Giant green elephant captivates Moscow park before it heads off to Burning Man art fest
#Slonik (the Russian for ‘little elephant’) is green, inflatable and tall. At 23 meters, it rivals the height of a typical Moscow multi-story apartment building. Posed as though rearing up, with its hooves upraised and trunk pointing straight up, the figure aims to attract attention to the inhumane treatment of elephants in the wild.
This elephant is far from Africa or India and has been on display in Moscow’s Kuzminki partk. The artist behind the project, Mikhail Tsaturyan, is aiming at a different audience: he wants to bring the Slonik to Nevada's Black Rock Desert, to take part in the world’s most famous annual art event, the Burning Man.
It won’t be Tsaturyan’s first Burning Man installation, though he is aiming highest this time. His project last year was called Holoquarium, an inverted pyramid 16 feet (some five meters) tall, with a hologram inside.
Back at home, the Slonik has already been dubbed Russia’s tallest art installation, with the head of the Moscow culture department proposing to include the work in the country’s book of records. Tsaturyan, meanwhile, has made a smaller-scale copy – in glamorous prismatic silver – for display at smaller-scale art events.

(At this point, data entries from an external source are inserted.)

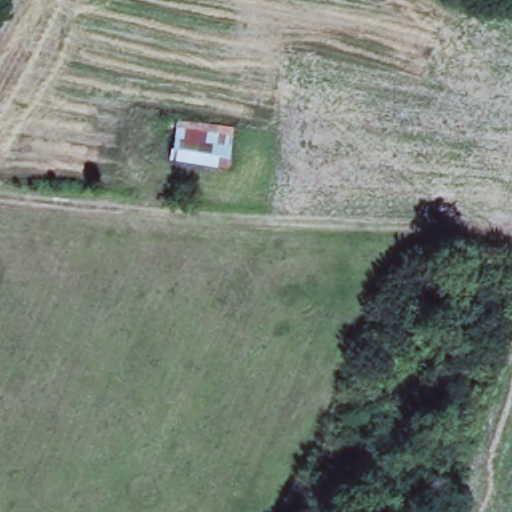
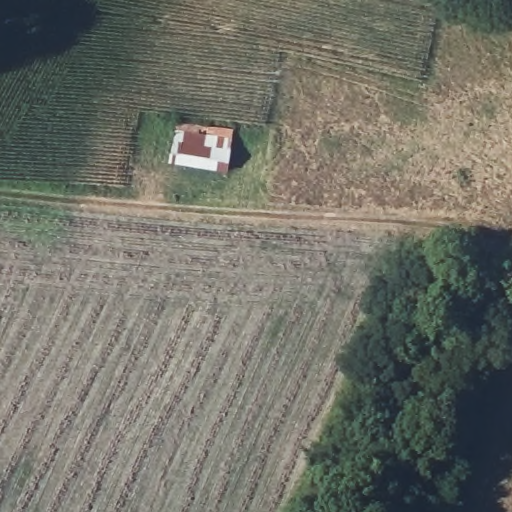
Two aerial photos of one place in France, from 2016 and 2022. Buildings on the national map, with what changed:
unchanged [(176,121),(237,127),(233,163),(172,157),(176,121)]

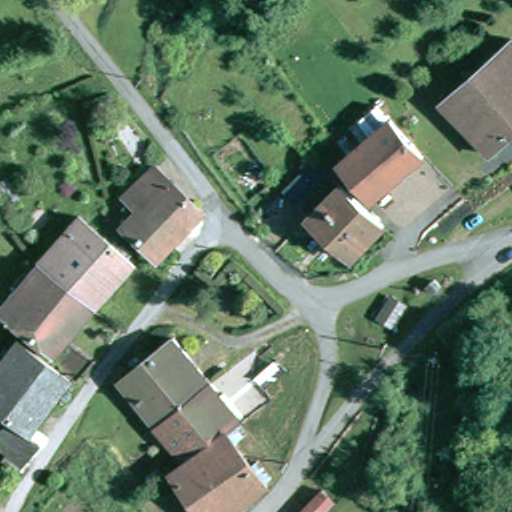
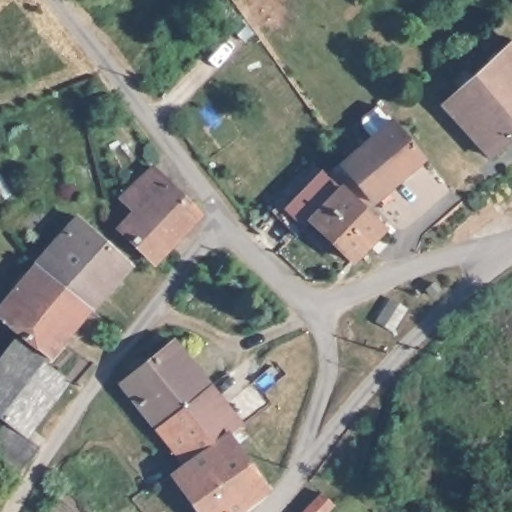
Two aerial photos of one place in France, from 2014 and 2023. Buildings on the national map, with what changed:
unchanged [(492,153),(443,99),(512,43),(512,136),(492,153)]
unchanged [(344,165),(351,159),(364,148),(352,133),(359,127),(379,110),(392,126),(393,125),(424,161),(376,202),(344,165)]
unchanged [(131,213),(134,199),(157,175),(204,218),(161,265),(127,234),(138,221),(131,213)]
unchanged [(308,215),(340,182),(391,234),(360,267),(308,215)]
unchanged [(45,263),(85,219),(133,262),(96,307),(45,263)]
unchanged [(96,307),(56,353),(4,308),(45,263),(96,307)]
unchanged [(157,419),(123,373),(173,333),(209,381),(157,419)]
unchanged [(0,412),(0,356),(15,336),(16,336),(69,377),(32,429),(29,433),(0,412)]
unchanged [(209,381),(238,420),(224,429),(186,457),(157,419),(209,381)]
unchanged [(32,429),(43,438),(28,457),(0,436),(0,412),(29,433),(32,429)]
unchanged [(224,429),(261,479),(258,482),(260,486),(227,512),(202,512),(171,468),(186,457),(224,429)]
unchanged [(320,489),(333,502),(324,512),(298,512),(320,489)]

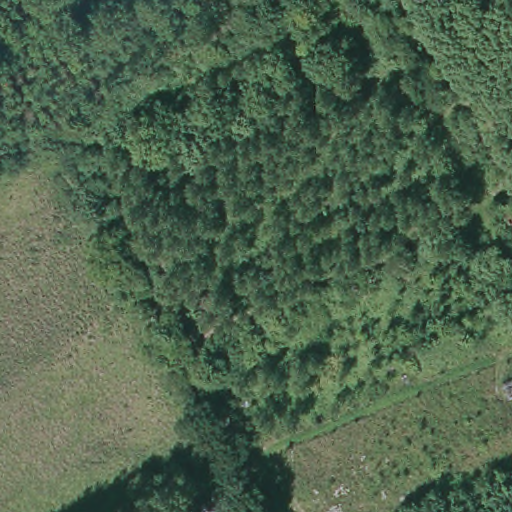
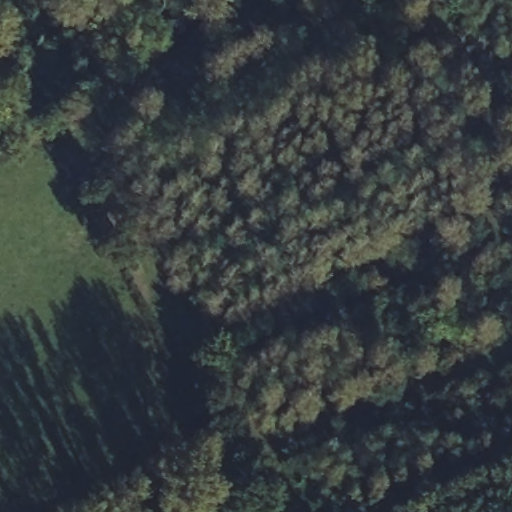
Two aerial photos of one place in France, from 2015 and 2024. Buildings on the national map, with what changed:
unchanged [(210,475),(225,501),(207,512),(206,512),(192,485),(210,475)]

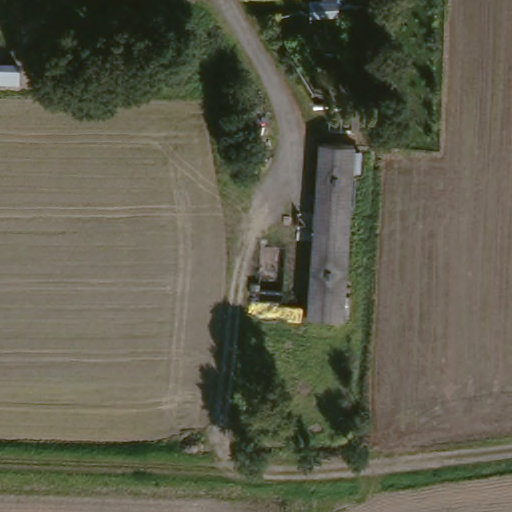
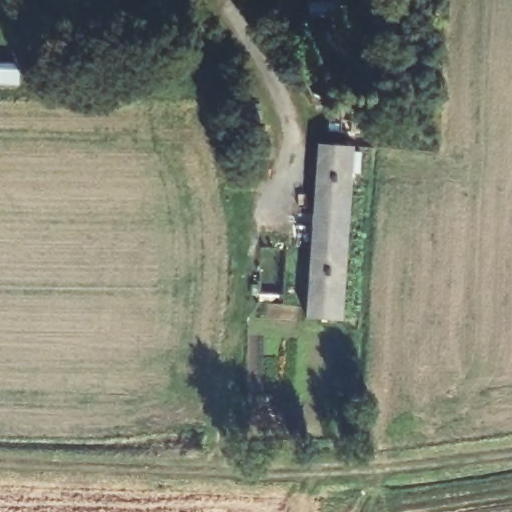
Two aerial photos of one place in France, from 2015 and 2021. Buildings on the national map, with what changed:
unchanged [(321,150),(353,151),(340,322),(308,320),(321,150)]

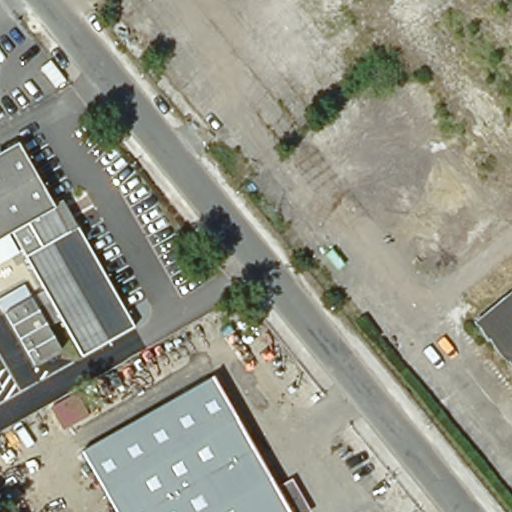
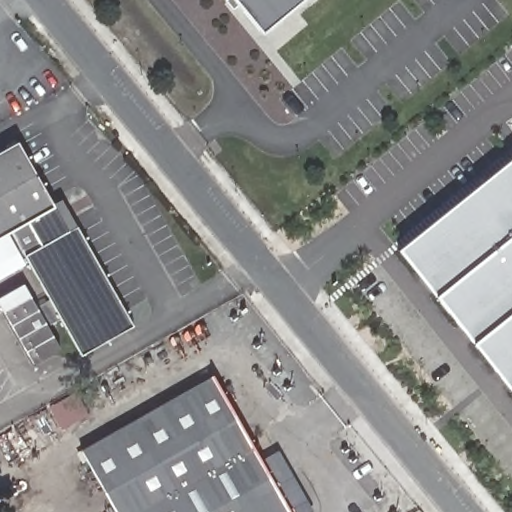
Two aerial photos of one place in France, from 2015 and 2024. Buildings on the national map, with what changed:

Even the full-sized version pales somewhat when compared to some of the world’s tallest inflatable art. Arguably the most famous inflatable sculpture in the world – the Rubber Duck in Saint-Nazaire, France – is about nine meters taller, and there are even larger specimens than that, like the 2013 Big Air Package by Bulgarian-American artist Christo, measuring in at a dizzying 94 meters.